Foreign Woes Haunt Trudeau at Home After Debacle in New Delhi
Justin Trudeau’s latest trip abroad was unraveling even before an attempted murderer entered the fray.
(Bloomberg) -- Justin Trudeau’s latest trip abroad was unraveling even before an attempted murderer entered the fray.
The appearance of Sikh separatist Jaspal Atwal at a Trudeau reception in Mumbai was the nadir. The Canadian prime minister had already puzzled Indians by preaching liberal values in English and French. Canada and India bickered over Atwal, capping a visit derided as thin on business and heavy on photo ops in over-the-top local attire.
“It has been one of the worst planned and executed visits that I have seen,” said Harsh Pant, a professor of international relations at King’s College London. “He was more intent on projecting his own sense of Canadian values.”
High hopes for Trudeau on the world stage have faded amid stumbles where style has at times trumped substance. At stake is the country’s bid for a United Nations Security Council seat and its efforts to expand ties with Asia as Donald Trump upends Canada’s most important trade relationship.
The controversy has followed Trudeau home, with his support slumping to the lowest since his Liberal Party took power in 2015. The prime minister’s sunny persona and “progressive” agenda, which shot him to global rockstar status in an era of populist backlash, have found few takers abroad and are starting to wear thin on the domestic front.

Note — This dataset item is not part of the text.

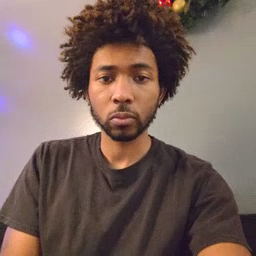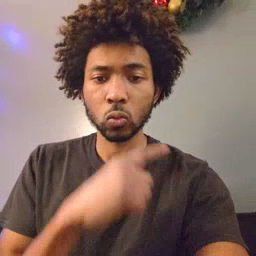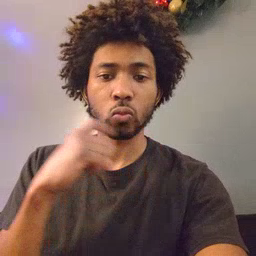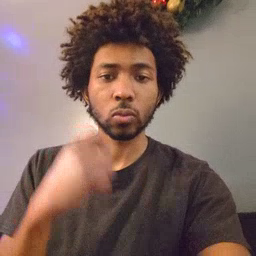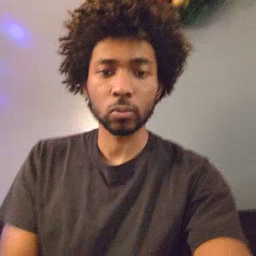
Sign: dry
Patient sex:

China -- the nation’s second-largest trading partner after the U.S. -- also balked at Trudeau’s push to adopt provisions on trade like labor, gender and environmental guarantees, but he has brushed off the criticism. “We’re going to continue to work hard and look for opportunities for Canadians to benefit in Asia and elsewhere around the world,” he said in a Bloomberg Television interview Wednesday.
Trudeau zigzagged India in a trip mostly aimed at his country’s large Indo-Canadian diaspora, concentrated in vote-rich Toronto and Vancouver suburbs. He met Prime Minister Narendra Modi only near the end of the visit.
Enter Atwal, a Canadian jailed in 1987 for trying to assassinate a visiting Indian cabinet minister. He once advocated for an independent Sikh state -- a cause toward which some think Canada remains too sympathetic -- and sought an invitation to a Trudeau reception from a Liberal lawmaker, Randeep Sarai.
Atwal went and the controversy exploded. Sarai quit one of his posts with the party. One Canadian official told reporters, on condition of anonymity, that factions within Modi’s government may have facilitated Atwal’s presence in a bid to embarrass Trudeau. The official hasn’t been identified, though Conservative lawmakers said in Parliament it was national security adviser Daniel Jean. Trudeau backed the official; India bristled and called the comments baseless.
The standoff continues. Foreign Minister Chrystia Freeland, recalling a meeting with her Indian counterpart Sushma Swaraj, again floated the idea. “I started off the meeting by saying to her that it had been an honest mistake,” Freeland told CTV this month. “I also said to her that it was noteworthy that Mr. Atwal had been able to travel to India.”
The debacle stands in contrast to Emmanuel Macron’s brief visit this month, which netted deals totaling 13 billion euros ($16 billion) versus Trudeau’s C$1 billion ($767 million), though France’s links to India run deeper than Canada’s. Modi met Macron on the tarmac and hugged him. The French president pledged to strengthen defense and energy ties, capping his visit with a boat ride on the Ganges alongside Modi.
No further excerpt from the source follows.